What you have to do -> Would you repeat every line of the material exactly?

======

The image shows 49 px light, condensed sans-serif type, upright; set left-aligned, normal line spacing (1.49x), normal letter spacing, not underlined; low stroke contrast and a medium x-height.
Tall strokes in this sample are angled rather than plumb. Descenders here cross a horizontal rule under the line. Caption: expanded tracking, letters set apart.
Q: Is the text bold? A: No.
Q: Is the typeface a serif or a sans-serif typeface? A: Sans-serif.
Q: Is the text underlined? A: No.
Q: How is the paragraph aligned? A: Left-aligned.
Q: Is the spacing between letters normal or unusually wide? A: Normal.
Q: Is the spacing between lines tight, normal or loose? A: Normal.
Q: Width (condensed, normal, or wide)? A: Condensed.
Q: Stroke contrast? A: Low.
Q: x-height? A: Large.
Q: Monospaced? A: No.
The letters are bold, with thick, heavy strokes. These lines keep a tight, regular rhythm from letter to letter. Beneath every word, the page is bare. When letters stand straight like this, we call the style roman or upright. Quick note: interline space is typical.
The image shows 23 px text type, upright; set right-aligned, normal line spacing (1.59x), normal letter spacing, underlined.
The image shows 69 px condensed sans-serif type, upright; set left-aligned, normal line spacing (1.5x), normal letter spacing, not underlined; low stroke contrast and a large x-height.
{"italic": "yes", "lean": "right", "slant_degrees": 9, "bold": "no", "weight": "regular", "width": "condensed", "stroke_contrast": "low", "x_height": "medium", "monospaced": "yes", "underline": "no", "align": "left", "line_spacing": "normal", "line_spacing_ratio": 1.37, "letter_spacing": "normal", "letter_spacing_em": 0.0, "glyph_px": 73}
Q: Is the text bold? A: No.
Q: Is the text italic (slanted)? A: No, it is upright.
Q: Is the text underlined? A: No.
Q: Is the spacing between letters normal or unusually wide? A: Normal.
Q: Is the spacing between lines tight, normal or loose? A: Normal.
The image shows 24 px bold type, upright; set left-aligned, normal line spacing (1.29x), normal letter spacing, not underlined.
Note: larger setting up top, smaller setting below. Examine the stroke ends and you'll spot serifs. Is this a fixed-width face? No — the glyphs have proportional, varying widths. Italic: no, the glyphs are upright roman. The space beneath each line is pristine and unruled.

======

Solved problem ->
The image shows 49 px light, condensed sans-serif type, upright; set left-aligned, normal line spacing (1.49x), normal letter spacing, not underlined; low stroke contrast and a medium x-height.
Tall strokes in this sample are angled rather than plumb. Descenders here cross a horizontal rule under the line. Caption: expanded tracking, letters set apart.
Q: Is the text bold? A: No.
Q: Is the typeface a serif or a sans-serif typeface? A: Sans-serif.
Q: Is the text underlined? A: No.
Q: How is the paragraph aligned? A: Left-aligned.
Q: Is the spacing between letters normal or unusually wide? A: Normal.
Q: Is the spacing between lines tight, normal or loose? A: Normal.
Q: Width (condensed, normal, or wide)? A: Condensed.
Q: Stroke contrast? A: Low.
Q: x-height? A: Large.
Q: Monospaced? A: No.
The letters are bold, with thick, heavy strokes. These lines keep a tight, regular rhythm from letter to letter. Beneath every word, the page is bare. When letters stand straight like this, we call the style roman or upright. Quick note: interline space is typical.
The image shows 23 px text type, upright; set right-aligned, normal line spacing (1.59x), normal letter spacing, underlined.
The image shows 69 px condensed sans-serif type, upright; set left-aligned, normal line spacing (1.5x), normal letter spacing, not underlined; low stroke contrast and a large x-height.
{"italic": "yes", "lean": "right", "slant_degrees": 9, "bold": "no", "weight": "regular", "width": "condensed", "stroke_contrast": "low", "x_height": "medium", "monospaced": "yes", "underline": "no", "align": "left", "line_spacing": "normal", "line_spacing_ratio": 1.37, "letter_spacing": "normal", "letter_spacing_em": 0.0, "glyph_px": 73}
Q: Is the text bold? A: No.
Q: Is the text italic (slanted)? A: No, it is upright.
Q: Is the text underlined? A: No.
Q: Is the spacing between letters normal or unusually wide? A: Normal.
Q: Is the spacing between lines tight, normal or loose? A: Normal.
The image shows 24 px bold type, upright; set left-aligned, normal line spacing (1.29x), normal letter spacing, not underlined.
Note: larger setting up top, smaller setting below. Examine the stroke ends and you'll spot serifs. Is this a fixed-width face? No — the glyphs have proportional, varying widths. Italic: no, the glyphs are upright roman. The space beneath each line is pristine and unruled.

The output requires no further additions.